START RAW DATA

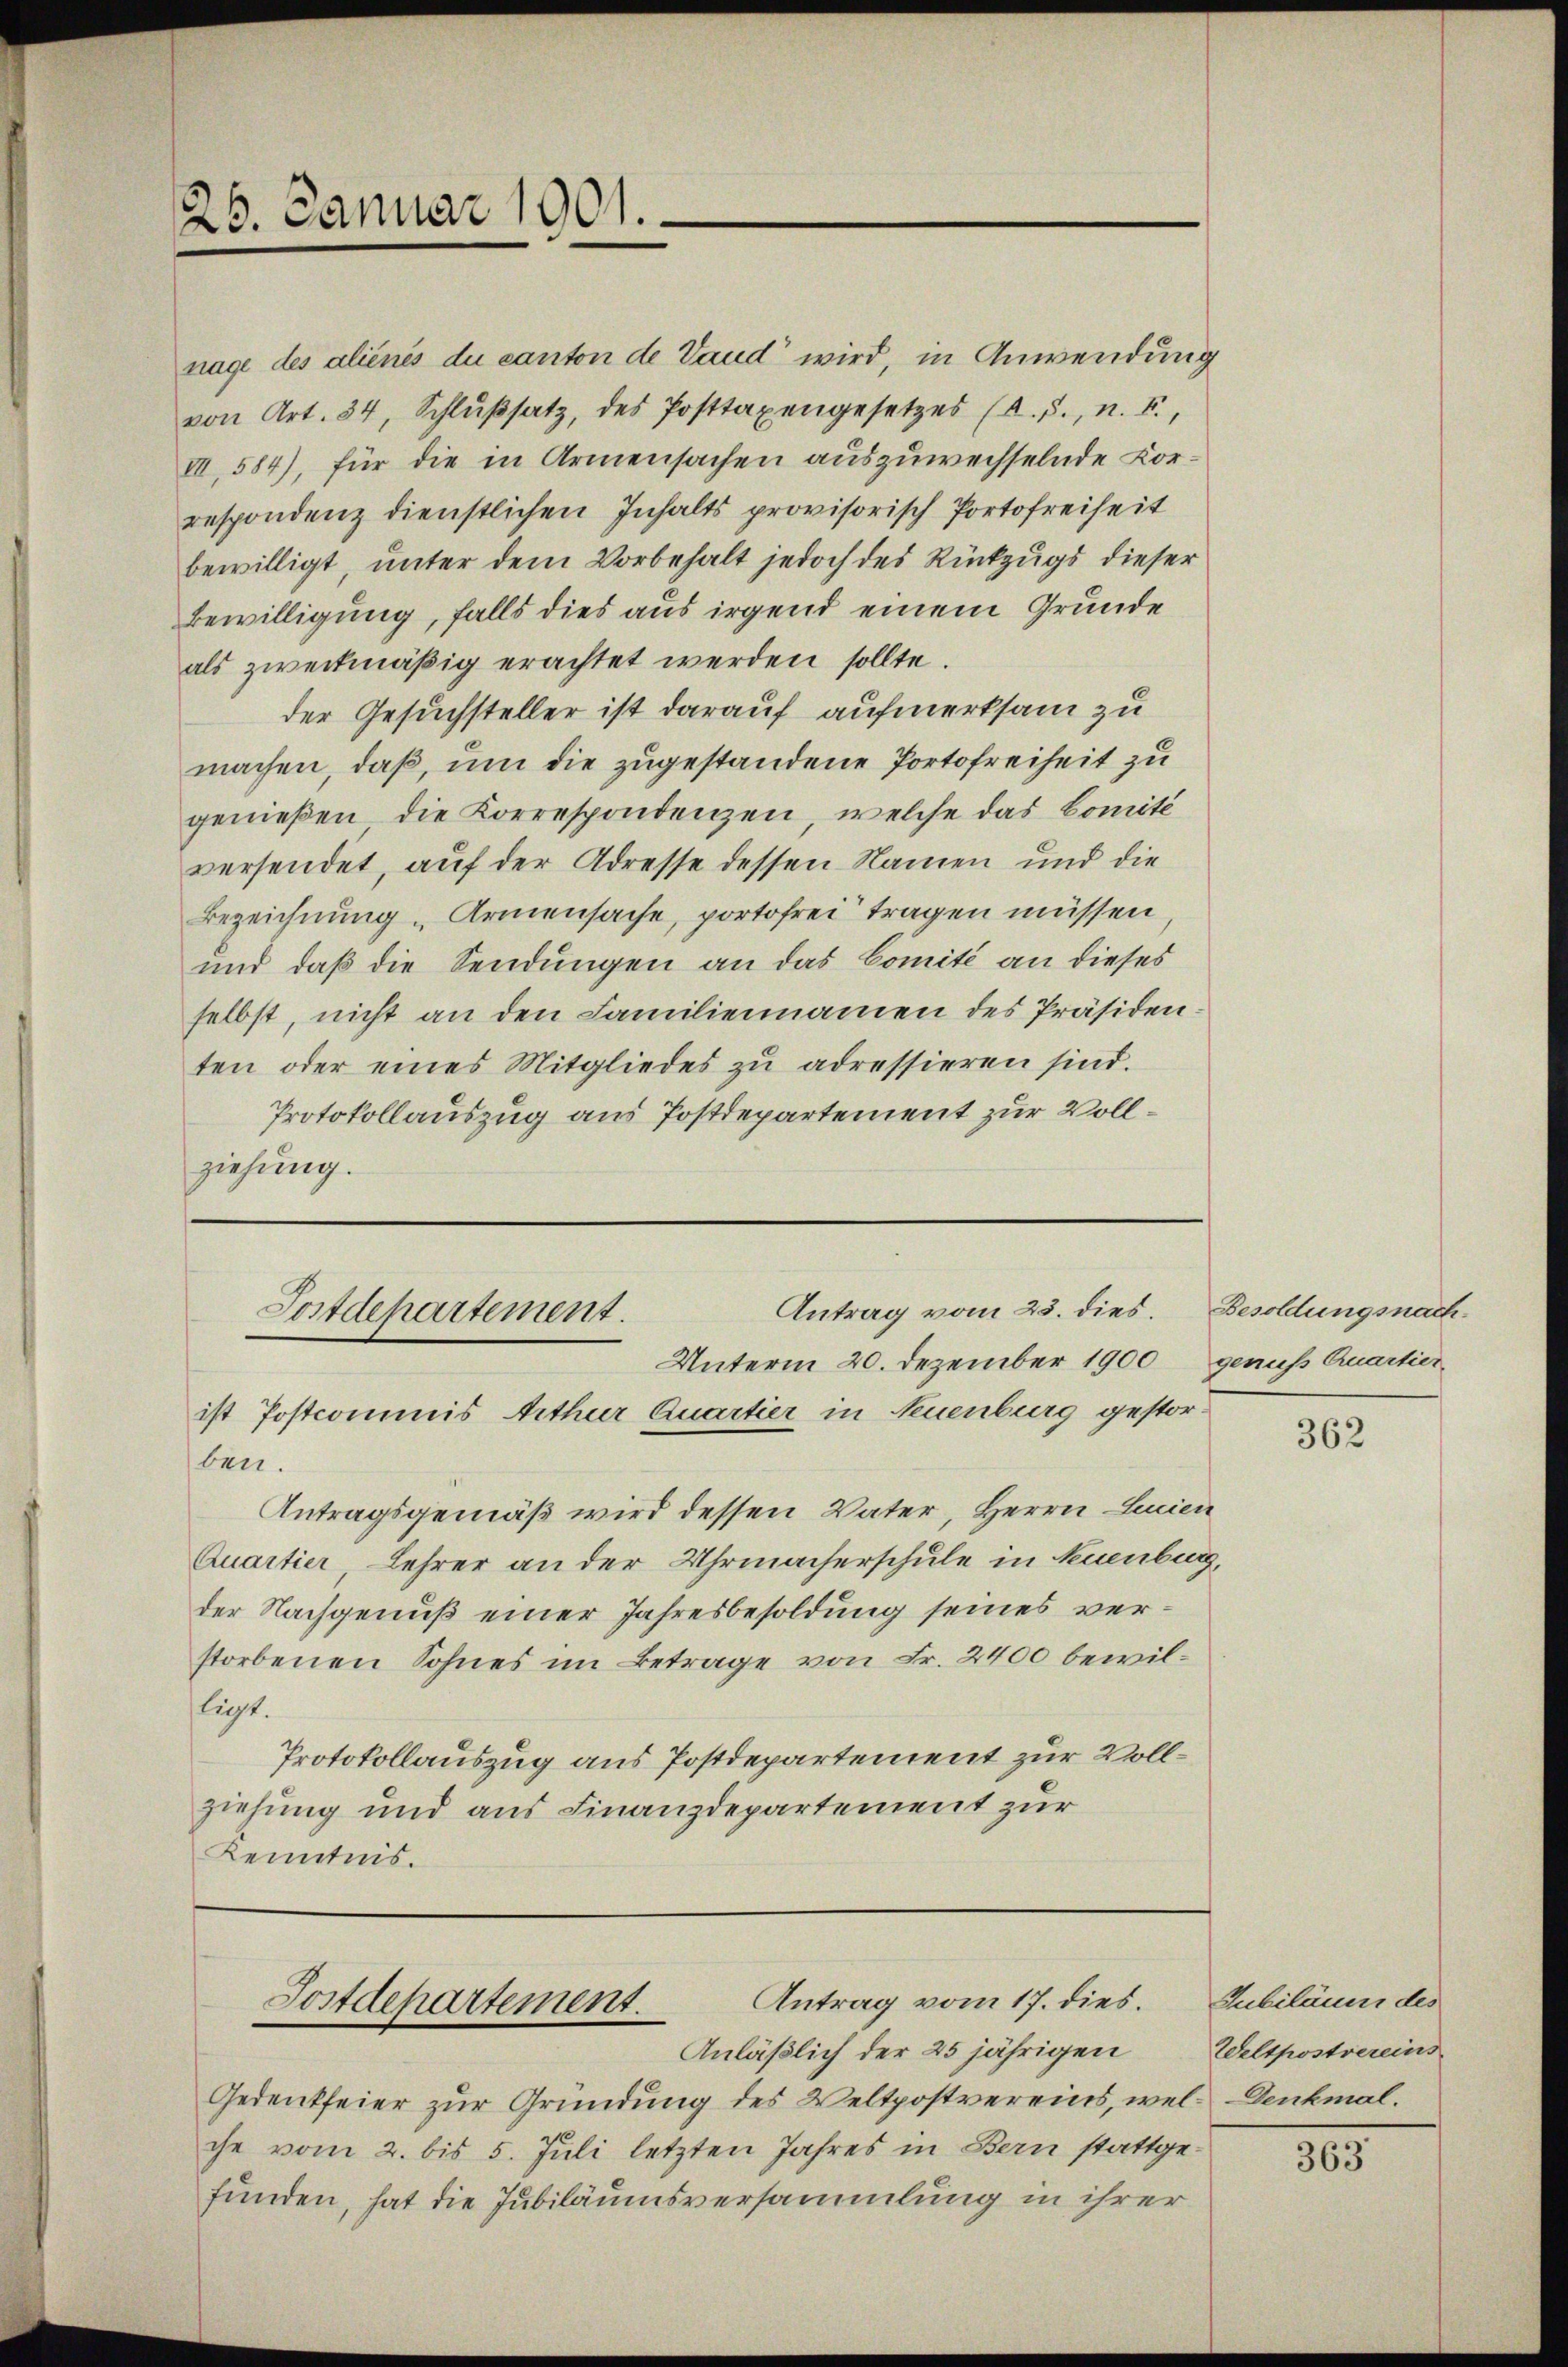
26. Januar 1901.

nage des aliénés du canton de Vaud“ wird, in Anwendung
von Art. 34, Schlußsatz, des Posttaxengesetzes (A.S., n. F.,
VII, 584), für die in Armensachen auszuwechselnde Korrespondenz dienstlichen Inhalts provisorisch Portofreiheit
bewilligt, unter dem Vorbehalt jedoch des Rückzugs dieser
Bewilligung, falls dies aus irgend einem Grunde
als zweckmäßig erachtet werden sollte.
der Gesuchsteller ist darauf aufmerksam zu
machen, daß, um die zugestandene Portofreiheit zu
genießen die Korrespondenzen, welche das Comité
versendet, auf der Adresse dessen Namen und die
Bezeichnung „Armensache, portofrei tragen müssen,
und daß die Sendungen an das Comité an dieses
selbst, nicht an den Familiennamen des Präsidenten oder eines Mitgliedes zu adressieren sind.
Protokollauszug aus Postdepartement zur Vollziehung.

Antrag vom 23. dies.
Postdepartement.
Unterm 20. Dezember 1900 genuß Quartierist Postcommis Arthur Quartier in Neuenburg gestor¬

ben.
Antragsgemäß wird dessen Vater, Herrn Lucen
Quartier Lehrer an der Uhrmacherschule in Neuenburg,
der Nachgenuß einer Jahresbesoldung seines verstorbenen Sohnes im Betrage von Fr. 2400 bewilliegt.
Protokollauszug aus Postdepartement zur Vollziehung und aus Finanzdepartement zur
Kenntnis.

Antrag vom 17. dies.
Postdepartement.
Anläßlich der 25 jährigen

Gedenkfeier zur Gründung des Veltpostvereins, wel- Denkmal.
che vom 2. bis 5. Juli letzten Jahres in Bern stattgefunden, hat die Jubiläumsversammlung in ihrer

Besoldungsnach

362

Gubiläum des
Weltpostvereins

363
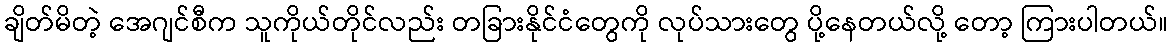
ချိတ်မိတဲ့ အေဂျင်စီက သူကိုယ်တိုင်လည်း တခြားနိုင်ငံတွေကို လုပ်သားတွေ ပို့နေတယ်လို့ တော့ ကြားပါတယ်။
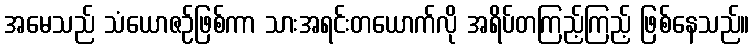
အမေသည် သံယောဇဉ်ဖြစ်ကာ သားအရင်းတယောက်လို အရိပ်တကြည့်ကြည့် ဖြစ်နေသည်။
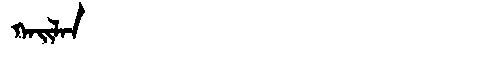
Manchu: ᡴᠠᡳᠯᠠᠨ
Romanization: KAILAN
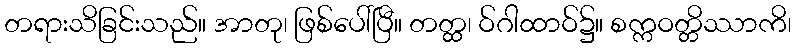
တရားသိခြင်းသည်။ အာတု၊ ဖြစ်ပေါ်ပြီ။ တတ္ထ၊ ဝ်ဂါထာဝ်၌။ စက္ကဝတ္တိဿာကိ၊
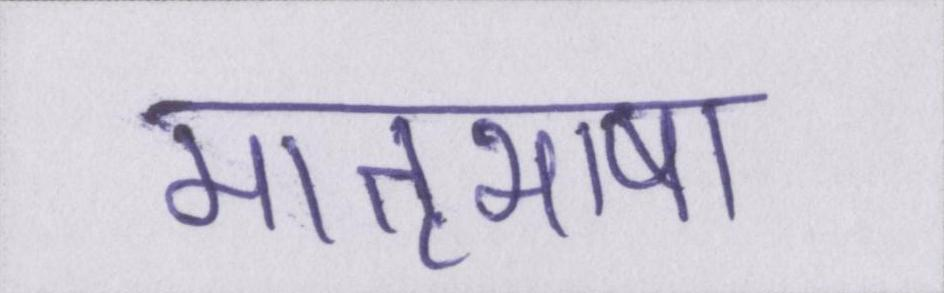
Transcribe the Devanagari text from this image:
मातृभाषा
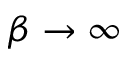
\beta \to \infty
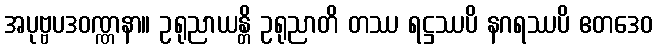
အပုဗ္ဗပဒဝဏ္ဏနာ။ ဥရုညာယန္တိ ဥရုညာတိ တဿ ရဋ္ဌဿပိ နဂရဿပိ ဧတဒေဝ
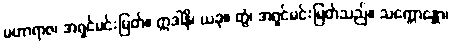
မဟာရာဇ၊ အရှင်မင်းမြတ်။ ဣဒါနိ၊ ယခု။ တွံ၊ အရှင်မင်းမြတ်သည်။ သက္ကောန္တော၊
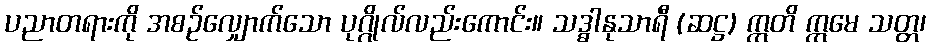
ပညာတရားကို အစဉ်လျှောက်သော ပုဂ္ဂိုလ်လည်းကောင်း။ သဒ္ဓါနုသာရီ (ဆဋ္ဌ) ဣတိ ဣမေ သတ္တ၊
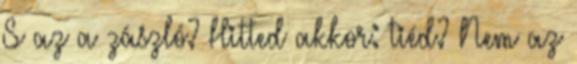
S az a zászló? Hitted akkor: tiéd? Nem az
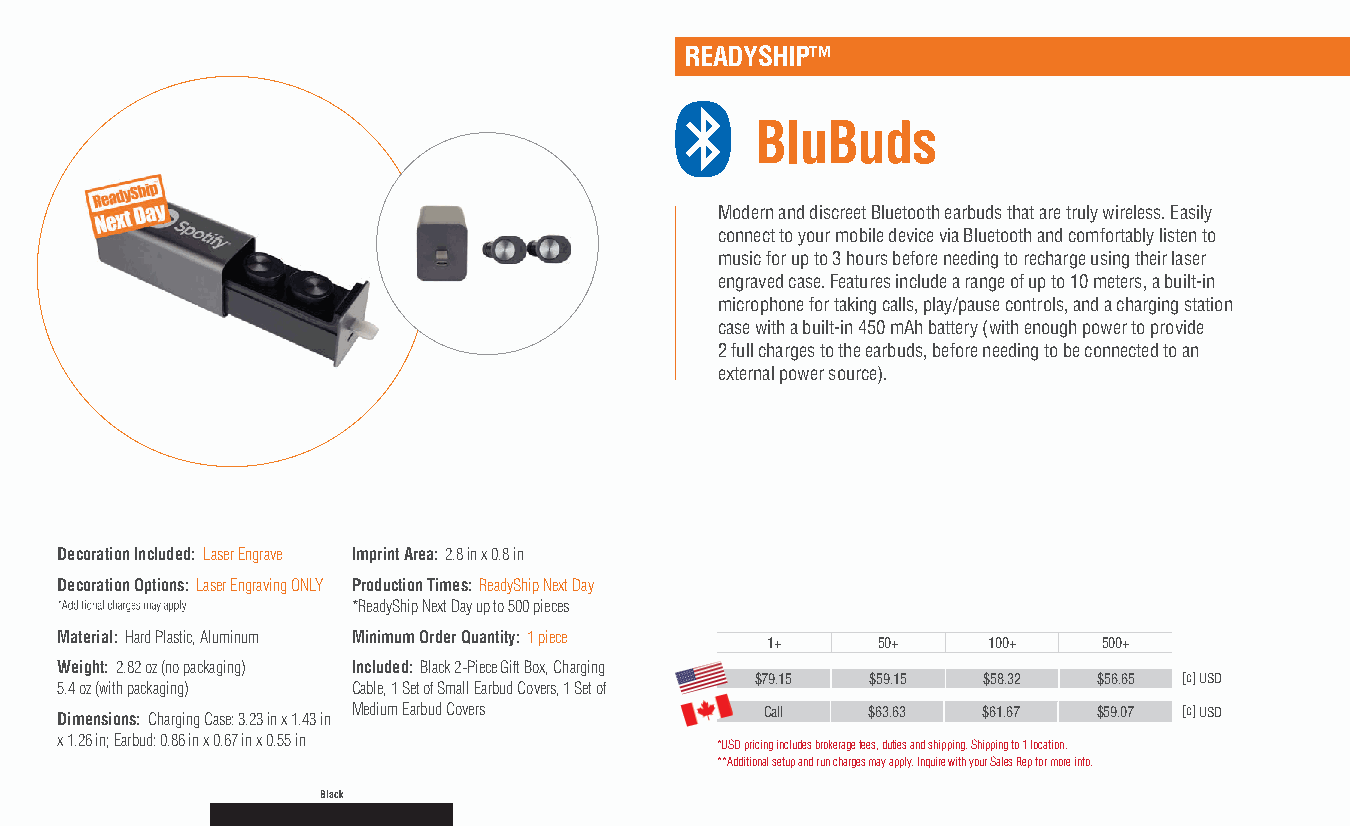
READYSHIP™
 BluBuds
 Modern and discreet Bluetooth earbuds that are truly wireless. Easily
 connect to your mobile device via Bluetooth and comfortably listen to
 music for up to 3 hours before needing to recharge using their laser
 engraved case. Features include a range of up to 10 meters, a built-in
 microphone for taking calls, play/pause controls, and a charging station
 case with a built-in 450 mAh battery (with enough power to provide
 2 full charges to the earbuds, before needing to be connected to an
 external power source).
 Decoration Included: Laser Engrave Imprint Area: 2.8 in x 0.8 in
 Decoration Options: Laser Engraving ONLY Production Times: ReadyShip Next Day
 *ReadyShip Next Day up to 500 pieces
 Material: Hard Plastic, Aluminum Minimum Order Quantity: 1 piece
 1+     50+    100+    500+
 Weight: 2.82 oz (no packaging) Included: Black 2-Piece Gift Box, Charging
 $79.15  $59.15 $58.32  $56.65 [c] USD
 5.4 oz (with packaging) Cable, 1 Set of Small Earbud Covers, 1 Set of
 Dimensions: Charging Case: 3.23 in x 1.43 in Medium Earbud Covers Call $63.63 $61.67 $59.07 [c] USD
 x 1.26 in; Earbud: 0.86 in x 0.67 in x 0.55 in
 *USD pricing includes brokerage fees, duties and shipping. Shipping to 1 location.
 **Additional setup and run charges may apply. Inquire with your Sales Rep for more info.
 Black
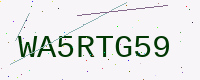
Text: WA5RTG59
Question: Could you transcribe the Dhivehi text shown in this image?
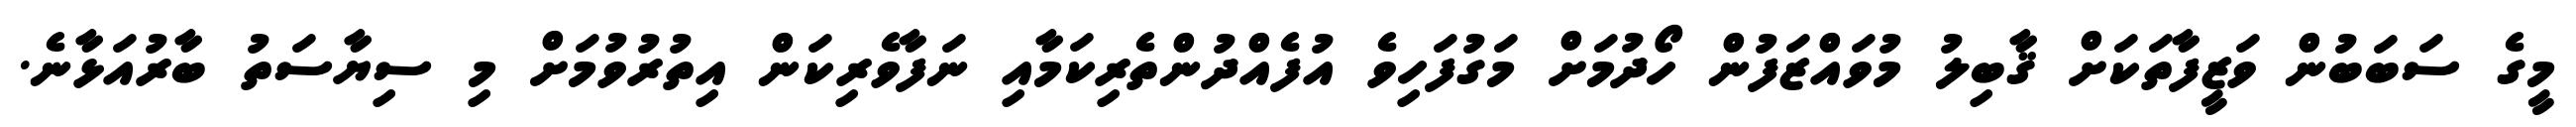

END RAW DATA

Looking at the listing above, which lines run from the one containing "Unterm 20. Dezember" through the one containing "engraved case. Features"? Print exactly those, ends included, pictures excluded.

● **WRITTEN REPLY**:
Unterm 20. Dezember 1900 genuß Quartierist Postcommis Arthur Quartier in Neuenburg gestor¬

ben.
Antragsgemäß wird dessen Vater, Herrn Lucen
Quartier Lehrer an der Uhrmacherschule in Neuenburg,
der Nachgenuß einer Jahresbesoldung seines verstorbenen Sohnes im Betrage von Fr. 2400 bewilliegt.
Protokollauszug aus Postdepartement zur Vollziehung und aus Finanzdepartement zur
Kenntnis.

Antrag vom 17. dies.
Postdepartement.
Anläßlich der 25 jährigen

Gedenkfeier zur Gründung des Veltpostvereins, wel- Denkmal.
che vom 2. bis 5. Juli letzten Jahres in Bern stattgefunden, hat die Jubiläumsversammlung in ihrer

Besoldungsnach

362

Gubiläum des
Weltpostvereins

363
ချိတ်မိတဲ့ အေဂျင်စီက သူကိုယ်တိုင်လည်း တခြားနိုင်ငံတွေကို လုပ်သားတွေ ပို့နေတယ်လို့ တော့ ကြားပါတယ်။
အမေသည် သံယောဇဉ်ဖြစ်ကာ သားအရင်းတယောက်လို အရိပ်တကြည့်ကြည့် ဖြစ်နေသည်။
Manchu: ᡴᠠᡳᠯᠠᠨ
Romanization: KAILAN
တရားသိခြင်းသည်။ အာတု၊ ဖြစ်ပေါ်ပြီ။ တတ္ထ၊ ဝ်ဂါထာဝ်၌။ စက္ကဝတ္တိဿာကိ၊
Transcribe the Devanagari text from this image:
मातृभाषा
\beta \to \infty
အပုဗ္ဗပဒဝဏ္ဏနာ။ ဥရုညာယန္တိ ဥရုညာတိ တဿ ရဋ္ဌဿပိ နဂရဿပိ ဧတဒေဝ
မဟာရာဇ၊ အရှင်မင်းမြတ်။ ဣဒါနိ၊ ယခု။ တွံ၊ အရှင်မင်းမြတ်သည်။ သက္ကောန္တော၊
ပညာတရားကို အစဉ်လျှောက်သော ပုဂ္ဂိုလ်လည်းကောင်း။ သဒ္ဓါနုသာရီ (ဆဋ္ဌ) ဣတိ ဣမေ သတ္တ၊
S az a zászló? Hitted akkor: tiéd? Nem az
READYSHIP™
 BluBuds
 Modern and discreet Bluetooth earbuds that are truly wireless. Easily
 connect to your mobile device via Bluetooth and comfortably listen to
 music for up to 3 hours before needing to recharge using their laser
 engraved case. Features include a range of up to 10 meters, a built-in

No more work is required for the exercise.